Engineers at UC San Diego have unveiled a new technique that enables large language models to learn new tasks with significantly less data and computing power, potentially democratizing AI usage.
Researchers from the University of California San Diego have unveiled a pioneering approach to customize large language models (LLMs) — the engines behind chatbots and protein sequencing tools. This breakthrough method significantly reduces the data and computing power needed for these adaptations, potentially making advanced AI more accessible.
LLMs consist of billions of parameters that shape how they interpret and process information.
Traditionally, fine-tuning these models involves adjusting all these parameters, a process that is both costly and prone to overfitting. Overfitting occurs when a model memorizes specific patterns rather than understanding them, leading to poor performance on new examples.
The innovative method from UC San Diego engineers streamlines this process by updating only the most essential parts of an LLM, bypassing the need to retrain the entire model from scratch.
This approach not only cuts costs but also enhances the model’s flexibility and ability to generalize learning across different tasks.
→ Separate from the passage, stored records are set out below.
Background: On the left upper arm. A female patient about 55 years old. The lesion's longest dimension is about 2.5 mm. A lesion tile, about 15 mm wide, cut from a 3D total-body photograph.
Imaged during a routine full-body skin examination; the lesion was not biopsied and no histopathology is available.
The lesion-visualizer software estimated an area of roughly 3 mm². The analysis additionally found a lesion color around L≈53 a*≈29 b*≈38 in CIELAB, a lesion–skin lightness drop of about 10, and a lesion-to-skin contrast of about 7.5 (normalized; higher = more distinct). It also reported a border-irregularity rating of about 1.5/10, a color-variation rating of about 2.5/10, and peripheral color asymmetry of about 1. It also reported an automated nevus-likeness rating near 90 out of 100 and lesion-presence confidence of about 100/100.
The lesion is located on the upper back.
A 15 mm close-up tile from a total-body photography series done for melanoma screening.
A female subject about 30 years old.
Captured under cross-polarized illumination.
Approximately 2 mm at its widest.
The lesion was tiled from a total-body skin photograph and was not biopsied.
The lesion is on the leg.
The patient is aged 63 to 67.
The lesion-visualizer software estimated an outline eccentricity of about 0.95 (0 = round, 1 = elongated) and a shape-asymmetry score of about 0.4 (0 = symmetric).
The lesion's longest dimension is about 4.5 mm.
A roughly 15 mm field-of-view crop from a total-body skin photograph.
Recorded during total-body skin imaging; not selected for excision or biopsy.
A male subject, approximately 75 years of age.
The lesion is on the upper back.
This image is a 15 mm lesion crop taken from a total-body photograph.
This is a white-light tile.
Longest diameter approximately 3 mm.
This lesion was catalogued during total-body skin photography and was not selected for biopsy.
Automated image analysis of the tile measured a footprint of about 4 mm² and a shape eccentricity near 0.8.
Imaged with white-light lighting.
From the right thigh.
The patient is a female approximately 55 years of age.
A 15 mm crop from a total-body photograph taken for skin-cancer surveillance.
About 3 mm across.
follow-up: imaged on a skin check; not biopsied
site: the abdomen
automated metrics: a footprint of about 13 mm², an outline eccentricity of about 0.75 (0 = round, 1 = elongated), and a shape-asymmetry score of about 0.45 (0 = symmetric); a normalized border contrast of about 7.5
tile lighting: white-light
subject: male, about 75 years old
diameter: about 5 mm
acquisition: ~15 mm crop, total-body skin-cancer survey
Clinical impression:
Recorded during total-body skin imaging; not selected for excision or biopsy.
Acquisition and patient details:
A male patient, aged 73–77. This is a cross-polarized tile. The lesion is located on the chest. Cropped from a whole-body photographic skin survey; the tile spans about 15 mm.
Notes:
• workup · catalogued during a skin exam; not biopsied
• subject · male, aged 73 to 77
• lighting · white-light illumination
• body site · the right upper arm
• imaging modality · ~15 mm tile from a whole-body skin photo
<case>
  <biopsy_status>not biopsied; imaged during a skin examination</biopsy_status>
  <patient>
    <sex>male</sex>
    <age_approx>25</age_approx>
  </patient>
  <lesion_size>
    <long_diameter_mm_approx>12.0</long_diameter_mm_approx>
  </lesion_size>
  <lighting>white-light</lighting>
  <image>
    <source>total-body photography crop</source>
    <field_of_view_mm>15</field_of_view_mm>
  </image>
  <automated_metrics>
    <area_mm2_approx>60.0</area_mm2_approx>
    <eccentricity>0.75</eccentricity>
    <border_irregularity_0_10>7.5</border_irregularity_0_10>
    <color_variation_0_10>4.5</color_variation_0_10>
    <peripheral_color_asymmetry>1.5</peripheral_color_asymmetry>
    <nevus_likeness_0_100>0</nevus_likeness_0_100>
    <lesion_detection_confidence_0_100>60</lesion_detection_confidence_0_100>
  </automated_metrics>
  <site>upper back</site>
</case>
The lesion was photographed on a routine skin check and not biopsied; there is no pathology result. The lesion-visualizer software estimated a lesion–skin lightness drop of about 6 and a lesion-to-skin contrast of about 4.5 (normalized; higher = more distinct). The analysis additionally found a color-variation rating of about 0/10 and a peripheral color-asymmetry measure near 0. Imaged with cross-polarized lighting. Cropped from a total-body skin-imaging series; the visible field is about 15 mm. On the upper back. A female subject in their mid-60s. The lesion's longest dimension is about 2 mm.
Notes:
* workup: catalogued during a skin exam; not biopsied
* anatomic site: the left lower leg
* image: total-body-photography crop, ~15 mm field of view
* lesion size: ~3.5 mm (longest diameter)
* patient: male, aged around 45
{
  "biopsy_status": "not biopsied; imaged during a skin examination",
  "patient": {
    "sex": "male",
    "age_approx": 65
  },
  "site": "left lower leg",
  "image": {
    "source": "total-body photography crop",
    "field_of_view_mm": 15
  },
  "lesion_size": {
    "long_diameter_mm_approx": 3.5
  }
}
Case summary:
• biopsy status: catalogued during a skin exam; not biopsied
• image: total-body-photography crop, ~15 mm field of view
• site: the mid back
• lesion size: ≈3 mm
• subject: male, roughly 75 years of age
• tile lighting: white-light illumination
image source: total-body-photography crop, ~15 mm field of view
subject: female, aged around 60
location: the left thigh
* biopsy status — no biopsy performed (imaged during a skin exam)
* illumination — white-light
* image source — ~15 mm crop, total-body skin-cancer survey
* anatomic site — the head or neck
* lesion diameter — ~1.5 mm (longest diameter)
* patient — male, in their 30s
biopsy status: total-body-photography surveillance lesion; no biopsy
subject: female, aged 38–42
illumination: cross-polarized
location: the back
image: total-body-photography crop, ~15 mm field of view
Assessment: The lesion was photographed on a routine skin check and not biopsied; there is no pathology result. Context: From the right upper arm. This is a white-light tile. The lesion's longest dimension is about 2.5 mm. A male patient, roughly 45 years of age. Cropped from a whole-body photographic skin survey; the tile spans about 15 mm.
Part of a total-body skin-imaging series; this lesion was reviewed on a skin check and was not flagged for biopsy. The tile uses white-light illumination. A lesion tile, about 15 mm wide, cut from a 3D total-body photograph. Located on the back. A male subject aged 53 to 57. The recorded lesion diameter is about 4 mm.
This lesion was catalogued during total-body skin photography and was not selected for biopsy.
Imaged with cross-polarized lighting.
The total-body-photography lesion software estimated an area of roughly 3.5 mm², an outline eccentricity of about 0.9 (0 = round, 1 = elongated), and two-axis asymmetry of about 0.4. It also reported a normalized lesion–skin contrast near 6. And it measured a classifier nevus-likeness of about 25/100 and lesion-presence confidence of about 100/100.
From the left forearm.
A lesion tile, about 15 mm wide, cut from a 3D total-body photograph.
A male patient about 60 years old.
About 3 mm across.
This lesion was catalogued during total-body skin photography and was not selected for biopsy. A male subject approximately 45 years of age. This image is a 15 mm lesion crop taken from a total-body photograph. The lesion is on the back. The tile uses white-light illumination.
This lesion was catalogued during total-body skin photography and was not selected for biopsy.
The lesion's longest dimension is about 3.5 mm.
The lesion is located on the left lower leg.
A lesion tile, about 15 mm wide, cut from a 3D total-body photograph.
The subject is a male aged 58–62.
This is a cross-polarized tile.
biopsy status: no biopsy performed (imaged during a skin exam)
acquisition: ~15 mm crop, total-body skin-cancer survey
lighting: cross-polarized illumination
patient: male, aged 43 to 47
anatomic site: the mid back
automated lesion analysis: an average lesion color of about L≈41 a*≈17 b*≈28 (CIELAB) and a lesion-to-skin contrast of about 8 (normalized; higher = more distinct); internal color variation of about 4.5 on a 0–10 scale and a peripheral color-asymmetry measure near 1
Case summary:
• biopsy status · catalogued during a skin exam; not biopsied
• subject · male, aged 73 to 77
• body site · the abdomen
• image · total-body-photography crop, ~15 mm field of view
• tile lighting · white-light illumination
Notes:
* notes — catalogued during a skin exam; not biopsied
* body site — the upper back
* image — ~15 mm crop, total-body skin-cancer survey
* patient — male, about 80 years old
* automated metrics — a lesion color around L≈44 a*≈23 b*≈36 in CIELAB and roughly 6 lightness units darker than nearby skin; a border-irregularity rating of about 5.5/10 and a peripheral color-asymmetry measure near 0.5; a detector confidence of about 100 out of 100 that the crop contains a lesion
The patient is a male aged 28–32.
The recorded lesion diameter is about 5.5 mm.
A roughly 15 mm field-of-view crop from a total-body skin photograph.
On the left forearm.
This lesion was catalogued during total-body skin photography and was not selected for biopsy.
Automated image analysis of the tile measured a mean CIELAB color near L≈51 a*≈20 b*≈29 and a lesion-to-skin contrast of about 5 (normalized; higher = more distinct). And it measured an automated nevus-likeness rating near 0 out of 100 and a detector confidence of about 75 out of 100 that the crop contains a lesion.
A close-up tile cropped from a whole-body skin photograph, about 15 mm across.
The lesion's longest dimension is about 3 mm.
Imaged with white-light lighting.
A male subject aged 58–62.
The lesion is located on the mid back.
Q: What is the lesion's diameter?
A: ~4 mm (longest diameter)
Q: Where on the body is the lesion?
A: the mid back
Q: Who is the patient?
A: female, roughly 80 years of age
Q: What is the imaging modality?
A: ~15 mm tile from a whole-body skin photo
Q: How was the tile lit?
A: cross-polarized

“With our method, even small labs and startups without huge budgets, supercomputer-level resources or large datasets can adapt large AI models for their own needs,” Pengtao Xie, a professor in the Department of Electrical and Computer Engineering at the UC San Diego Jacobs School of Engineering, said in a news release. “This work represents a step toward democratizing AI.”
The team demonstrated their method on protein language models, crucial tools for studying and predicting protein properties.
For instance, the new technique achieved higher accuracy in predicting whether peptides can cross the blood-brain barrier while using 326 times fewer parameters than conventional methods. Similarly, it matched the performance of full fine-tuning in predicting protein thermostability while using 408 times fewer parameters.
The method, published in Transactions on Machine Learning Research, holds promise for a variety of applications beyond protein modeling, encompassing any field that leverages LLMs.